What to produce: The answer must be an exact reproduction of the lines from the start of the records below through the line containing "3. Die Ausmessung", and nothing more.

Exercise materials:
>>>

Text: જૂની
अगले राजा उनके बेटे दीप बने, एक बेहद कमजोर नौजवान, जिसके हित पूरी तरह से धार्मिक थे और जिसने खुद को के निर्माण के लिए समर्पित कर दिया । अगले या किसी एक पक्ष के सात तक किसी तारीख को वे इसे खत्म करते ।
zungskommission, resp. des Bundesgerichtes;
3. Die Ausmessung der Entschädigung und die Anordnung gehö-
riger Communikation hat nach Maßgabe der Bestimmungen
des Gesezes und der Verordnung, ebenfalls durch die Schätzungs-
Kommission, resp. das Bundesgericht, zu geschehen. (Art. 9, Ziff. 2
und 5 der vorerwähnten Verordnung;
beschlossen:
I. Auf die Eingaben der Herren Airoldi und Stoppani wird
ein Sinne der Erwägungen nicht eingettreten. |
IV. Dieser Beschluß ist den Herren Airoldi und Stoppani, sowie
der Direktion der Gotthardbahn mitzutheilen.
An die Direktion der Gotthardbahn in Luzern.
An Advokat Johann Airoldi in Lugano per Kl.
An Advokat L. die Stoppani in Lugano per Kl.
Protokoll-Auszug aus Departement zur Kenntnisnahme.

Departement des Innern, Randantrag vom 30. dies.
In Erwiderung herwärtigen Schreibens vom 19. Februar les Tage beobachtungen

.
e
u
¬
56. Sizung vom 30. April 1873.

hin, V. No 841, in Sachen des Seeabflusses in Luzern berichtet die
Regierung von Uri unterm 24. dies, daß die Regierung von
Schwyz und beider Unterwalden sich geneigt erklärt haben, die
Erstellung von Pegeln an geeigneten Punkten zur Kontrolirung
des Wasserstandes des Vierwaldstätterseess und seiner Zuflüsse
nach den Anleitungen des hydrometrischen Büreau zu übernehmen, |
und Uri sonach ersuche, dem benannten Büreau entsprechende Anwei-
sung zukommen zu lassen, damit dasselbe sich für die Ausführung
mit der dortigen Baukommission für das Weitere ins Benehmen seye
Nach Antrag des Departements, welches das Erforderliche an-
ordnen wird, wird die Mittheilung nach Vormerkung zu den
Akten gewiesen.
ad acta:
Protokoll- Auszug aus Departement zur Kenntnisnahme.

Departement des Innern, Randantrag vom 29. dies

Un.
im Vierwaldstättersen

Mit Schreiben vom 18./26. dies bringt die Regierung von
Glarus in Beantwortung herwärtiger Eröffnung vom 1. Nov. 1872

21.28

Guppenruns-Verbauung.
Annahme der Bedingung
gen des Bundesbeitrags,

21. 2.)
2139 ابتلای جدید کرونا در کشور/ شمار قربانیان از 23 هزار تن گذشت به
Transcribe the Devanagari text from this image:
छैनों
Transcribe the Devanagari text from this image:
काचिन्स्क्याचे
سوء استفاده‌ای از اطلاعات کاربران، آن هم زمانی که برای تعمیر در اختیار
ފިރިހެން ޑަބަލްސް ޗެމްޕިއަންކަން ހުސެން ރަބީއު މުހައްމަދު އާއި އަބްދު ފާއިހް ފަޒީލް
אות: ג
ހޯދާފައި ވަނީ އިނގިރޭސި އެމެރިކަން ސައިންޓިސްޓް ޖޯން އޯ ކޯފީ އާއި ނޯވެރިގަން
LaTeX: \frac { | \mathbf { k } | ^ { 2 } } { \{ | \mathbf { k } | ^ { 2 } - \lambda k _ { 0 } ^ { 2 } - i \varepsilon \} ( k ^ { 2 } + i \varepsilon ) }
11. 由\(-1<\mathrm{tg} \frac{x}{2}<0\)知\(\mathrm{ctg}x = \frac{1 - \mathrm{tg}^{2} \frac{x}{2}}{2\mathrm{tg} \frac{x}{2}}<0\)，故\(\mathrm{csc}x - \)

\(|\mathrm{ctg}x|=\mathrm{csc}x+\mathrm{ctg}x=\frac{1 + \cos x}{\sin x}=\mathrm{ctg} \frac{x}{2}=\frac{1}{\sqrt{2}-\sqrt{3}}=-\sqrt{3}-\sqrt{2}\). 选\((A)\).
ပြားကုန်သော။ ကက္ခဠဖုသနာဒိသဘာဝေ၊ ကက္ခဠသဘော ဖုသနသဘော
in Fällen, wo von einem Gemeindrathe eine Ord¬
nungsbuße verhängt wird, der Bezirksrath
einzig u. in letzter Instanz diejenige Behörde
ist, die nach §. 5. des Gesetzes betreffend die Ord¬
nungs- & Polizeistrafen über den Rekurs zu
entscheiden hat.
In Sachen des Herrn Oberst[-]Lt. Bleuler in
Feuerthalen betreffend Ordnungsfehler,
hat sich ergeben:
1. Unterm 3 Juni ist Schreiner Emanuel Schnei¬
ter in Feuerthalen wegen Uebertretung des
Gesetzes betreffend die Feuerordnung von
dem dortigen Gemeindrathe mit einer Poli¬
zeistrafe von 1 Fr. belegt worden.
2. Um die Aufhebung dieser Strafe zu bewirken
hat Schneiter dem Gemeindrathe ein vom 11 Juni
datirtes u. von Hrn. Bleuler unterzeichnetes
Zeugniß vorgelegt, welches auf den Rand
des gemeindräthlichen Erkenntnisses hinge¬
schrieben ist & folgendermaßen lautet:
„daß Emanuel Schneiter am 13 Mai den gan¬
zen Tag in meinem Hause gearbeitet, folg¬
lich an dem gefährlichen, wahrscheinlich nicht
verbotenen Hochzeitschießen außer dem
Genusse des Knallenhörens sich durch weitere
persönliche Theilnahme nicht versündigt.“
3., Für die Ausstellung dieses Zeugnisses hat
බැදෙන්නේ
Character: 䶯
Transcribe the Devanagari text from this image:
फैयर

<<<

Your response:
Text: જૂની
अगले राजा उनके बेटे दीप बने, एक बेहद कमजोर नौजवान, जिसके हित पूरी तरह से धार्मिक थे और जिसने खुद को के निर्माण के लिए समर्पित कर दिया । अगले या किसी एक पक्ष के सात तक किसी तारीख को वे इसे खत्म करते ।
zungskommission, resp. des Bundesgerichtes;
3. Die Ausmessung der Entschädigung und die Anordnung gehö-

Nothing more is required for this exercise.